I found myself laughing as he sat on his table confused as I was as his eyes evoked anger. I chuckled lowly at that downing another drink and to say he thought I was losing it would be an understatement, my own brother looked at me like he didn't know me anymore. So I had to tell him the truth. Being drunk did give you courage and so the truth I told him.
"You know why Adar left me, Melus? It's because I was consumed by my own desires, unable to shake off the hold that someone else had on my heart. Someone who doesn't even know the depths of my feelings, the lengths I'd go to be with them, the sacrifices I'd make to see them happy. And the cruel irony is, when I try to push them away, to protect myself from the pain of unrequited love, they pursue me with a fervor that only serves to remind me of my own helplessness.

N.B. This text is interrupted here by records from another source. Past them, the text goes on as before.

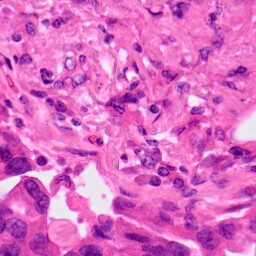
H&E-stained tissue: Lung
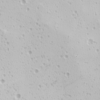
Label: not_dusty
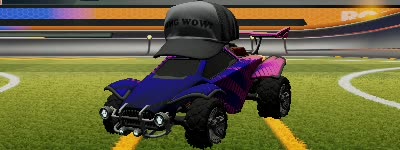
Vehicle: octane
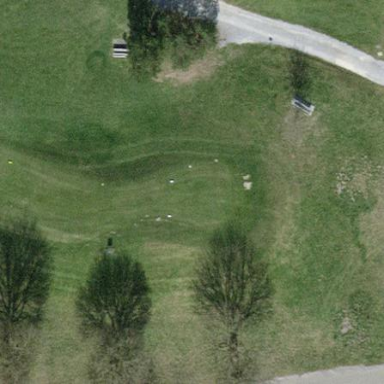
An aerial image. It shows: Golf tee.
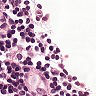
Metastatic tissue present: no
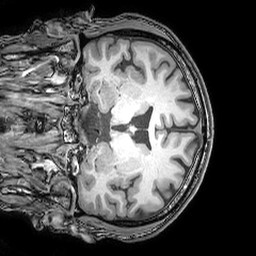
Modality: T1w
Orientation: coronal
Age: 37
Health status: ill
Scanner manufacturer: philips
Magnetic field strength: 3 T
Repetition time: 0.007 s
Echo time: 0.0035 s
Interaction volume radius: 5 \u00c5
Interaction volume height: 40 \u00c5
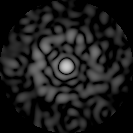
Disorder parameter: 0.8208
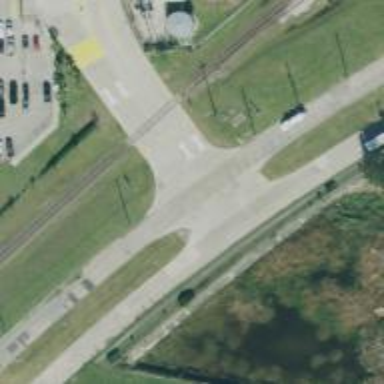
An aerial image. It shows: Secondary link road.
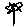
Label: flower
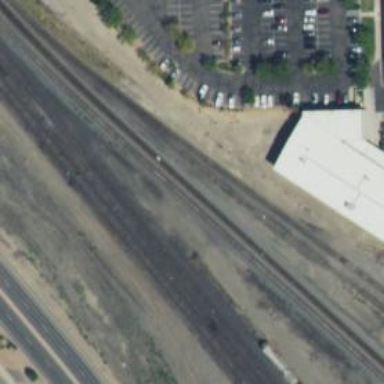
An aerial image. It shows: Railway siding for service.
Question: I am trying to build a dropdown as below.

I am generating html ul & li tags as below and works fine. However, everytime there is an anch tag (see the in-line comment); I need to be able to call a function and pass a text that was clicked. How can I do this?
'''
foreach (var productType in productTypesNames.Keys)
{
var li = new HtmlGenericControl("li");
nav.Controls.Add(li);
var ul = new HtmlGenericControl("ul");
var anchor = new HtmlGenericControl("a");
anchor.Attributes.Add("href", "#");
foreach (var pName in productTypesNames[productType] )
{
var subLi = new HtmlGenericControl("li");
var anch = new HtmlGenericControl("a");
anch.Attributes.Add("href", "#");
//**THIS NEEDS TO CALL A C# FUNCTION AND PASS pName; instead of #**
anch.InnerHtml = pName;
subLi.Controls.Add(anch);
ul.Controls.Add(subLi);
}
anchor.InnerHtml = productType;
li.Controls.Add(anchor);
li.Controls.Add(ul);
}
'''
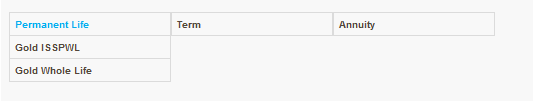
Answer: If you don't mind a postback, or want it, use a 'LinkButton' control, easily built dynamically instead of your 'HtmlGenericControl("a")', and have the server-side onclick method call your other method.
Otherwise you need AJAX as others have explained.
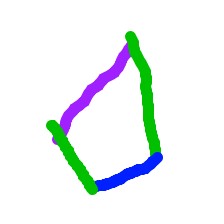
Shape: kite
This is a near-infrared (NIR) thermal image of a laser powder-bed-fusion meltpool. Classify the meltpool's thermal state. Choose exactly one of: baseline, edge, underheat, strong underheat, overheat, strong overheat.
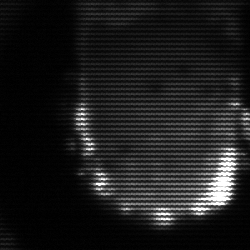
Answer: baseline
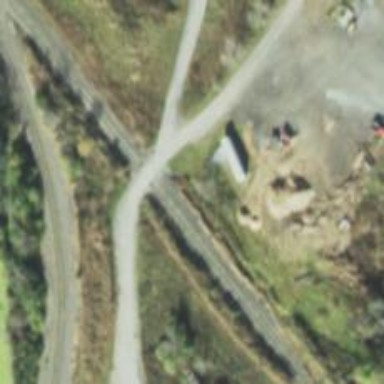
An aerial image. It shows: Level crossing along the railway.
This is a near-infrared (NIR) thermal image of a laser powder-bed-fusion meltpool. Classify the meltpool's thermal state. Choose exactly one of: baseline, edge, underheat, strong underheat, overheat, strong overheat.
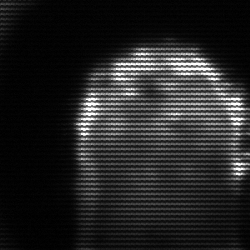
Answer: baseline
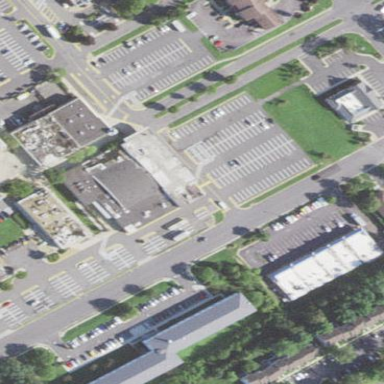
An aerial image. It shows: Department store building.
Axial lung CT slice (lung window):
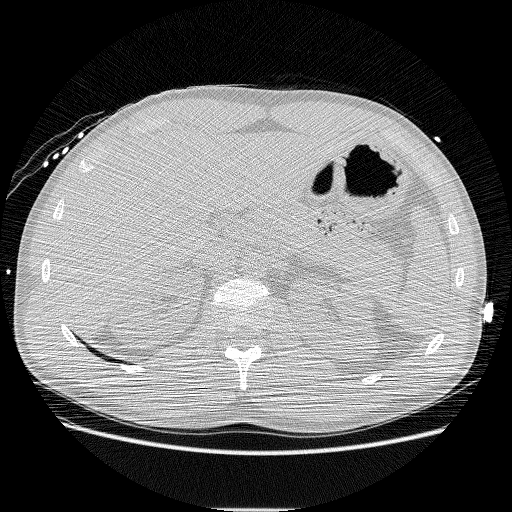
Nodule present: no
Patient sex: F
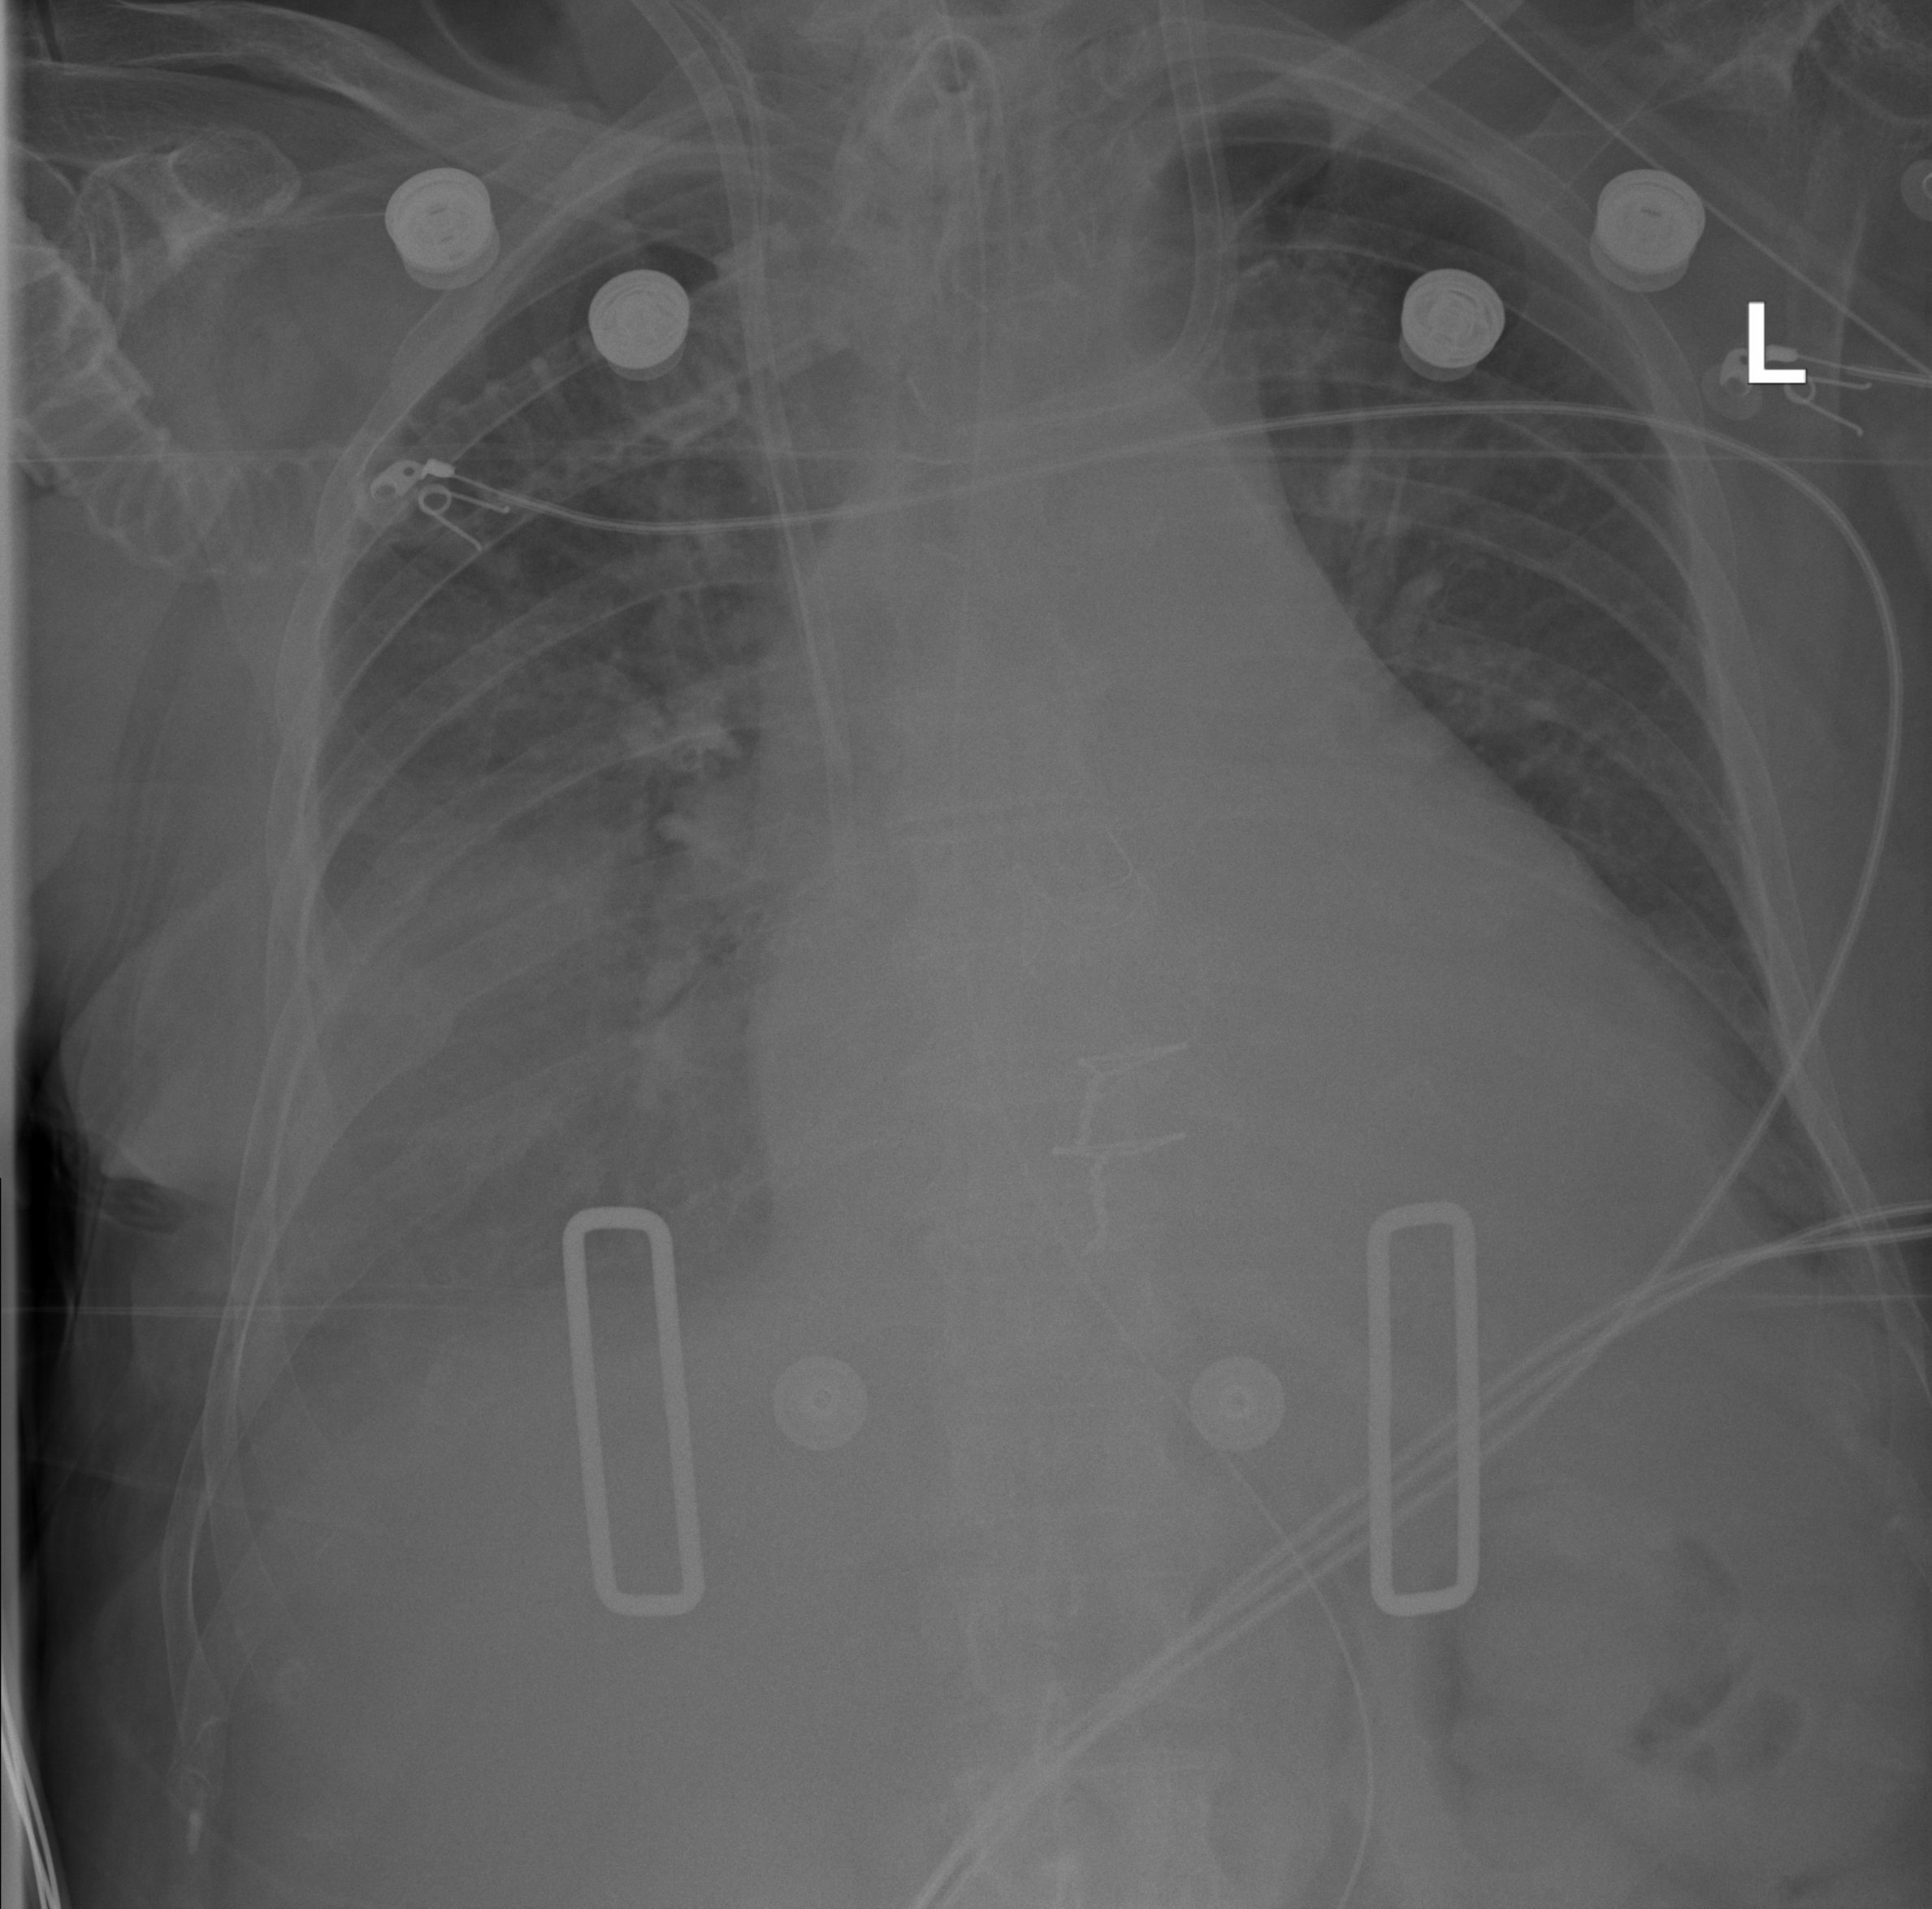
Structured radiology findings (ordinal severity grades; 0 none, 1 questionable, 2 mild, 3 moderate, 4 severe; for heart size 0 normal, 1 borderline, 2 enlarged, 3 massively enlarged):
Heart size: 3
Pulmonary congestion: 2
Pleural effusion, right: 2
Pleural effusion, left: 1
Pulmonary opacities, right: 2
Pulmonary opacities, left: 2
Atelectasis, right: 2
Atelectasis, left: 2
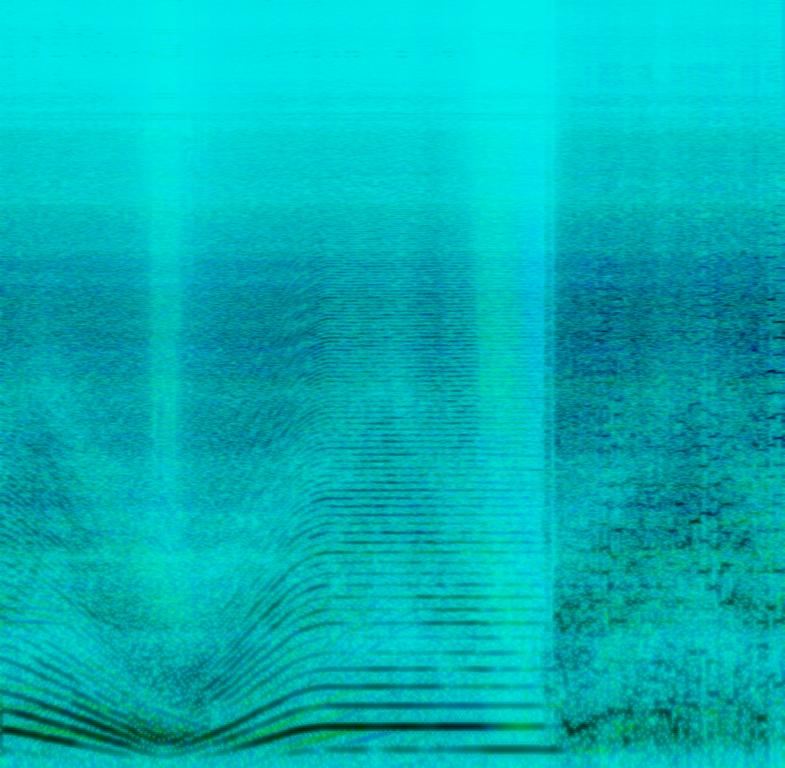
Someone is playing a fast shred solo on a distorted e-guitar with a lot of reverb and delay panning to both sides of the speakers. This song may be playing in a youtube video showing off your progress.
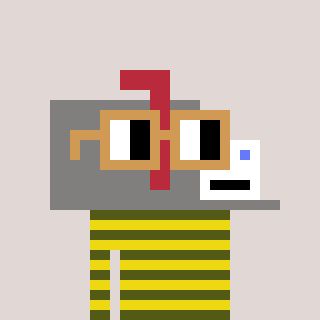
a pixel art character with square brown glasses, a mailbox-shaped head and a yellow-colored body on a warm background
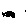
Label: car
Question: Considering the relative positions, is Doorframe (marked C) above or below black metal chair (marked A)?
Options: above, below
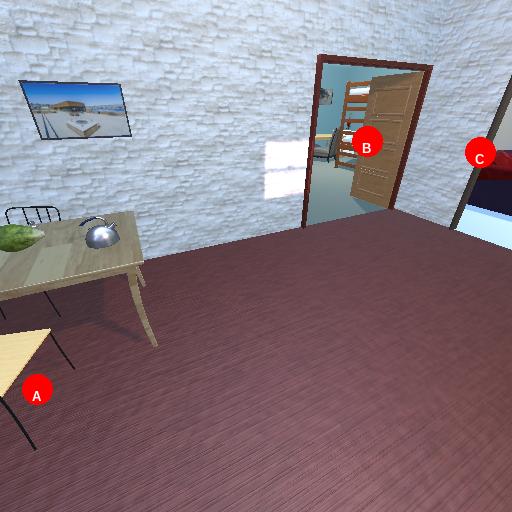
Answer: above

And that someone, dear brother, is you - the one person who's supposed to understand me, to support me, but who instead has become the source of my greatest sorrow and my most hidden shame."
"What are you saying, exactly?" Melus asked, his voice laced with disbelief, as if the mere suggestion was absurd. "You... you had feelings for me? Romantic feelings?" He stumbled over the words, as if they were hard to utter. I felt a pang of regret and shame, remembering the foolish things I had done in the past, the secrets I had kept, the pain I had caused him. "I've regretted it every day since, Melus. Every single day. I've wanted to apologize, to explain, to tell you that it wasn't you, it was my own heart, my own weakness. But I haven't had the courage, the right moment, the words. And so I've kept it inside, letting it eat away at me, a constant reminder of my own flaws and mistakes."
"The guilt of nearly hurting Simon, someone I care about deeply, all because of my own misguided feelings, is a weight that crushes me every day. And yet, the thought of you two together still fills me with a jealousy so intense it's suffocating." I said standing as I stumbled.
"It's a constant reminder of what I can never have, a bitter taste of unrequited love that I can't shake off. You don't understand, Melus, the agony of being so close to something you desire most, yet knowing it's forever out of reach. It's a heartbreak that's eating away at my soul, a longing that's slowly destroying me from the inside out. I feel like screaming, like shattering the silence that's suffocating me, but I'm trapped in this prison of my own making, unable to escape the pain that I've created."
He remained silent, his eyes fixed on me as I stumbled out of the room, the weight of my confession hanging in the air like a challenge. I shut the door behind me, feeling like I was escaping a prison of my own making, but knowing that I couldn't avoid the consequences of my words. The secret was out, and now I had to face the aftermath. Did I still need to go back and apologize, to explain that it was all just a drunken mistake, a moment of weakness? Or would that just make things worse? I felt like I was drowning in my own deceit, my life spiraling out of control. I knew that I had made a mess of things, and that my relationships would never be the same again. The alcohol had loosened my tongue, but it couldn't absolve me of my sins.